Cowboys, food, architecture, language carry Islamic markings

By Phyllis McIntosh
Washington File Special Correspondent

Washington — On the surface, it may seem like the United States and the Middle East are worlds apart, two separate cultures with little in common and no historical connections. In fact, there is considerable evidence to the contrary.

Though little known, Islamic influence runs deep in American culture. A number of the words Americans speak, foods Americans eat, buildings Americans design, decorative items Americans create, and traditions Americans treasure can trace their roots to the Islamic world.

In the United States today there is growing interest in all things Islamic. Although American museums have long collected and displayed Islamic art, the past few years have brought more media attention and public awareness of special exhibitions, says Massumeh Farhad, chief curator of the Freer Gallery of Art/Arthur M. Sackler Gallery in Washington.

More than 120 American colleges and universities now offer graduate or undergraduate programs or courses in Middle Eastern studies, according to the Middle East Studies Association of North America. Statistics compiled by the Modern Language Association show more than 10,500 students enrolled in Arabic language courses at U.S. colleges in 2002, nearly double the number in 1998, making Arabic the fastest growing foreign language offered on American campuses.

Islamic influences may date back to the very beginning of American history. It is likely that Christopher Columbus, who discovered America in 1492, charted his way across the Atlantic Ocean with the help of an Arab navigator. Long recognized as experts in maritime navigation, Arabs knew well before the Europeans that the earth was round and also probably introduced Europe to such navigational devices as the magnetic compass and the astrolabe, a forerunner of the sextant used in celestial navigation. By the 15th century, it was common for European ships crossing the Atlantic in search of an alternate route to Asia to enlist Muslims as navigators and potential translators, according to the Council on Islamic Education.

The Spanish who settled what is now the American Southwest brought with them designs, materials and food inspired by Muslims who invaded Spain in the eighth century and remained prominent there until the end of the 15th century. Prominent features of southwestern U.S. architecture, such as enclosed patios, fountains, arches, decorative tile work and use of adobe or clay bricks as a building material, came to the New World from the Middle East by way of Muslim Spain.

Islamic designs also influenced jewelry produced by Native Americans, particularly the Navajo, in the American Southwest. One of the most identifiable items of Native American jewelry, the squash blossom necklace, features an inverted crescent pendant made of colorful beads that resemble tiny squash blossoms, hence, the necklace’s unusual name. Historians of southwestern jewelry believe the Native Americans adopted the design from a crescent ornament on the horse bridles of Spanish-Arab mudejars who arrived in the New World in the 1500s. Mudejars were Muslims who remained in Spain after the Christian reconquest of the Iberian Peninsula (11th-15th century).
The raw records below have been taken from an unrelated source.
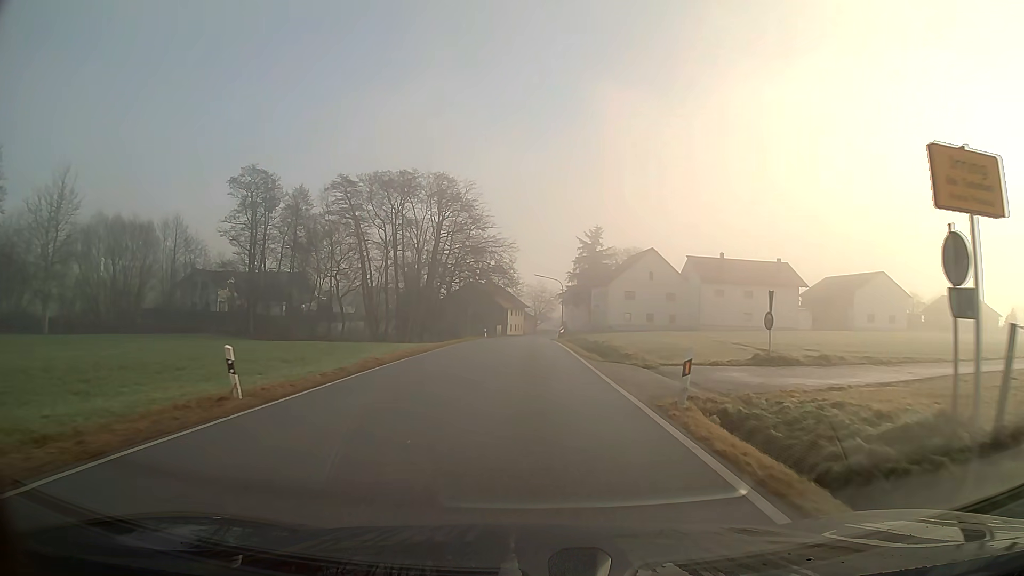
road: secondary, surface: asphalt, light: Day
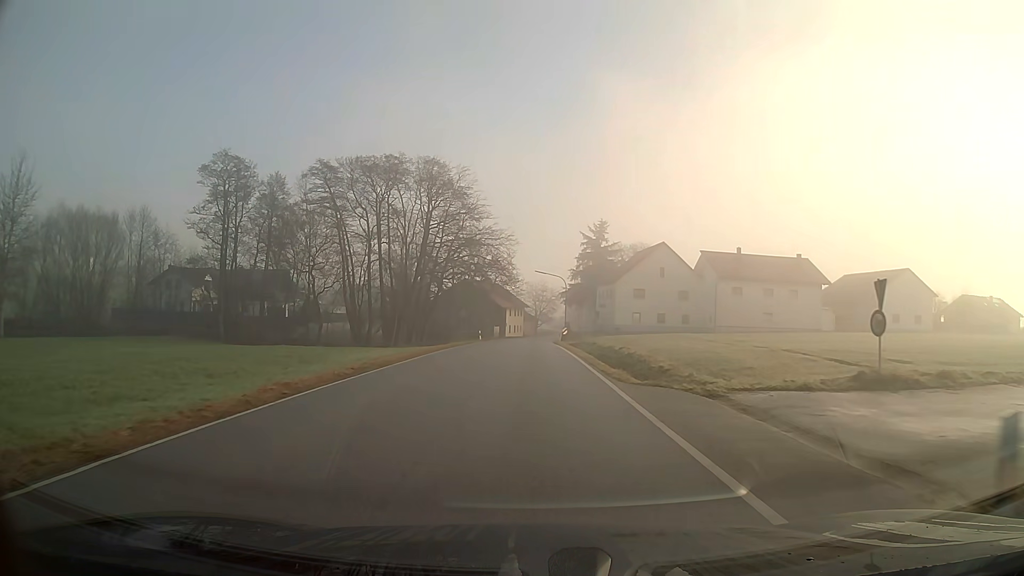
(0.0, +7.5) m; 0°
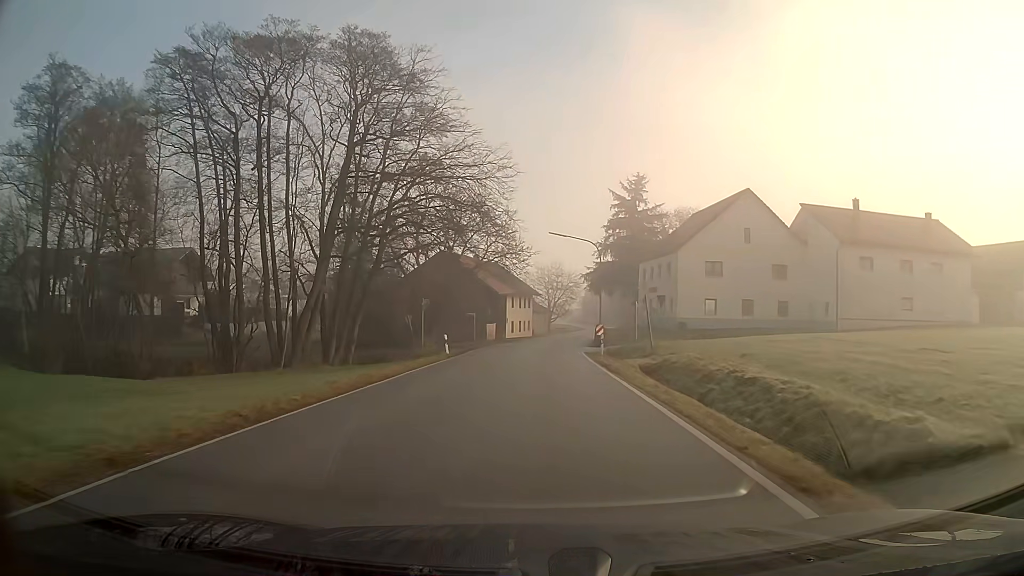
(-0.2, +30.5) m; -1°
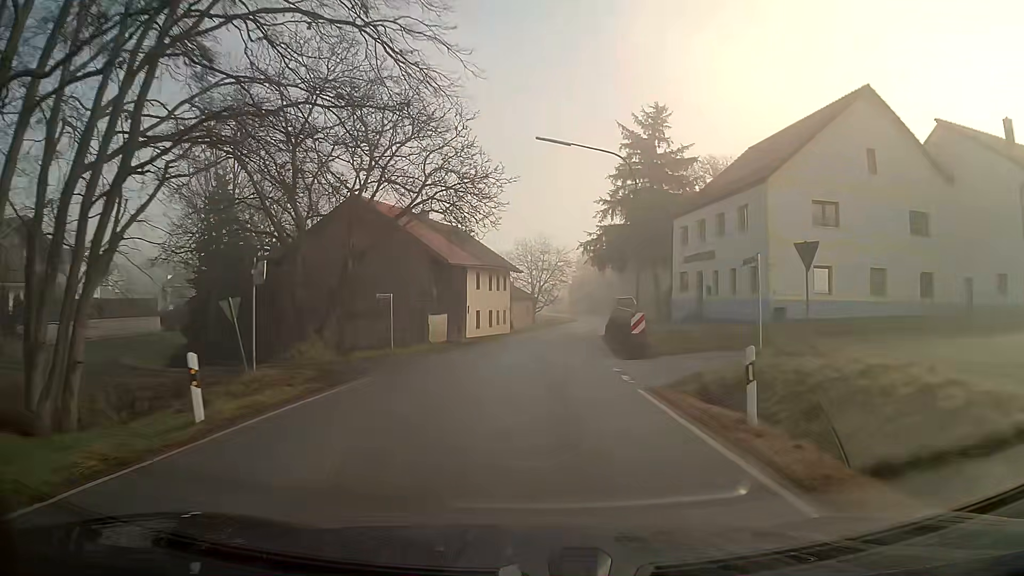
(+0.3, +23.4) m; +2°
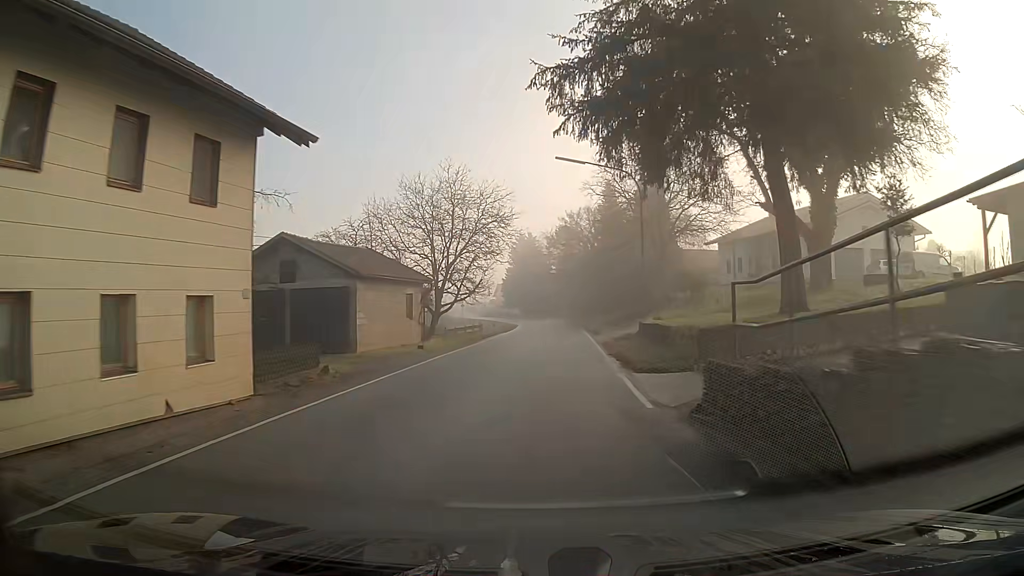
(+1.9, +38.9) m; +6°
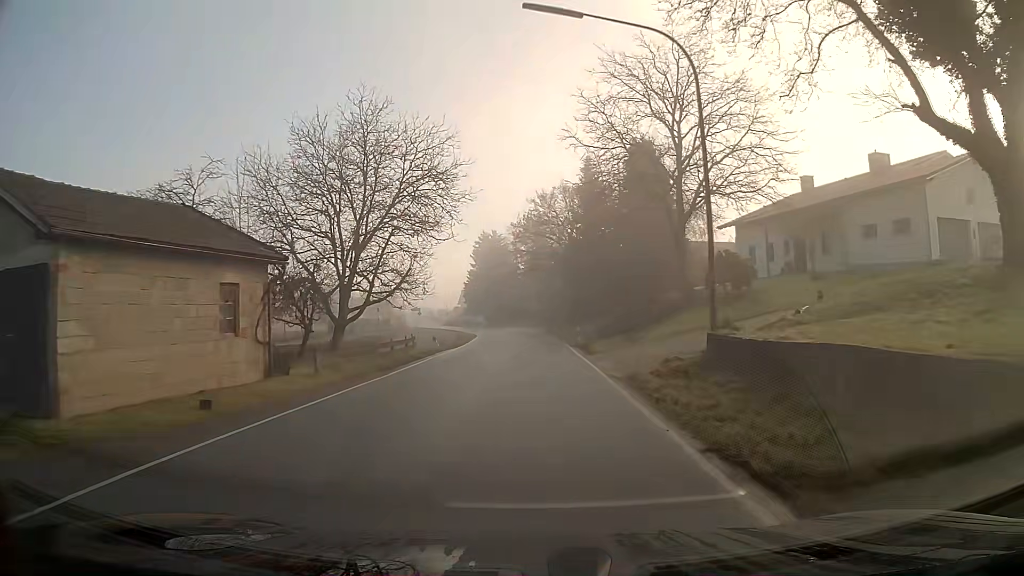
(+0.3, +15.6) m; +2°
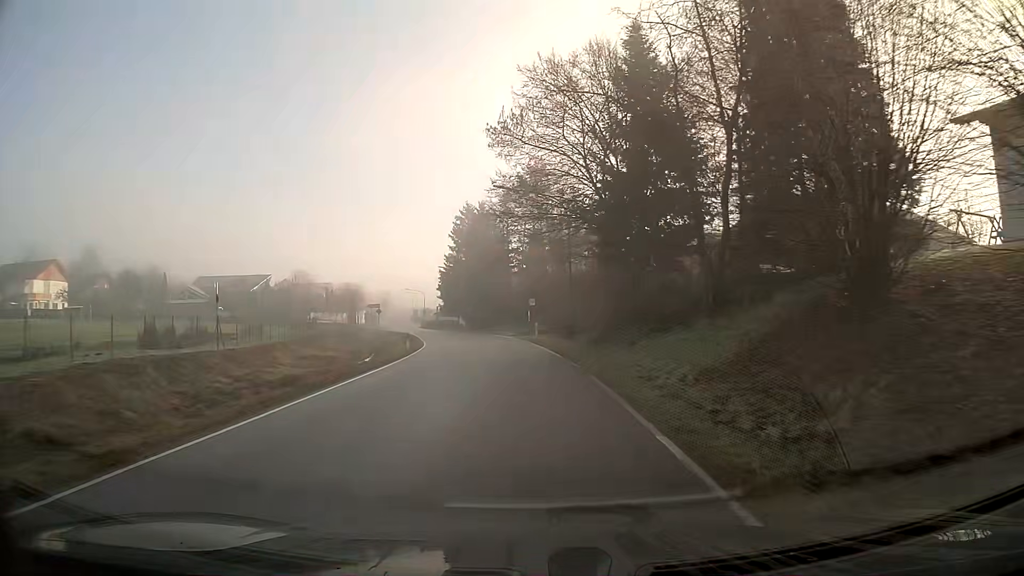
(-0.1, +31.3) m; -1°
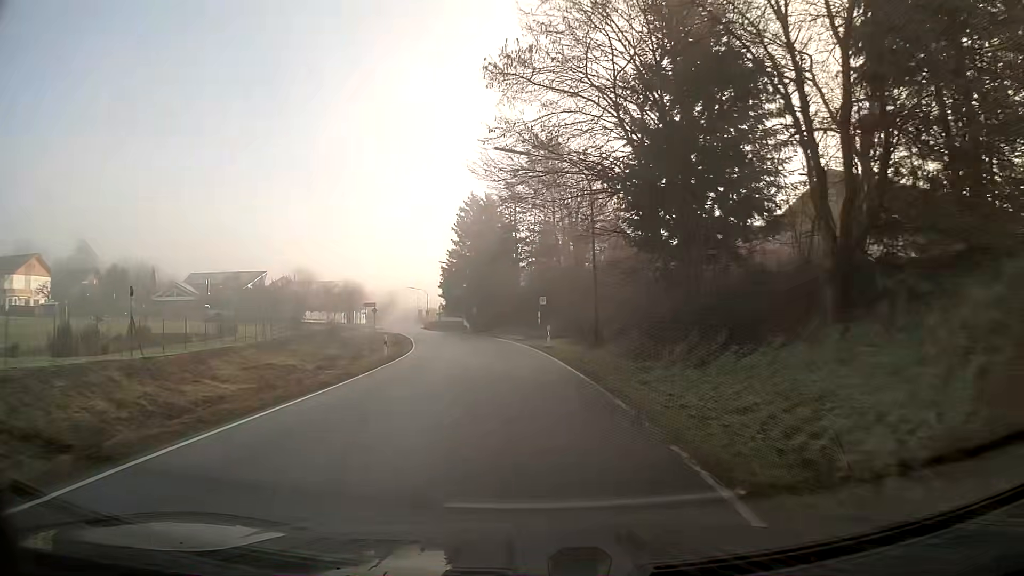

The very embodiment of the American Old West, the cowboy, likely owes much of his equipment — saddle, spurs, and even his boots — to the Spanish Muslims, who were skilled horsemen. Donald Gilbert Y Chavez, a New Mexico author and cowboy historian, notes that the pointed-toe, high-heeled, and high-topped boots that Americans identify as “cowboy boots” was designed by Muslims in Andalusia, Spain, for mounted cattle herders who spent long hours in the saddle. The fancy stitching, he adds, is reminiscent of Arab designs.

What Americans identify today as southwestern or Mexican cuisine also has deep roots in the Islamic world. Spicy meat dishes, rice and seasonings such as cinnamon and cloves introduced to Spain via the Muslim trade routes have combined with New World vegetables such as beans, tomatoes and peppers to produce some of the world’s most flavorful foods. “A Mexican meal is history in a dish,” writes culinary historian Terrie Chrones. “When I order, I like to look for and taste the Arab connection, imagining the chefs of these cultures creating this marvelous blend.”

In architecture, Islamic influence has extended well beyond the Southwest. In the early 20th century, Louis Sullivan, sometimes called the dean of American architects, made liberal use of arches, niches, and decorative friezes inspired by Islamic calligraphy in the office buildings, department stores, and banks he designed for Midwestern cities. Islamic designs also were popular in some of the lavishly decorated movie theaters of that era, which sported names such as the Alhambra, after the famous Islamic palace in Granada, Spain.

It is through language, however, that the Islamic world most directly influences the average American. According to a number of encyclopedia sources, many everyday words come from Arabic, including alchemy, algebra, asthma, average, cable, coffee, guitar, hazard, jar, lemon, macabre, magazine, racket and soda.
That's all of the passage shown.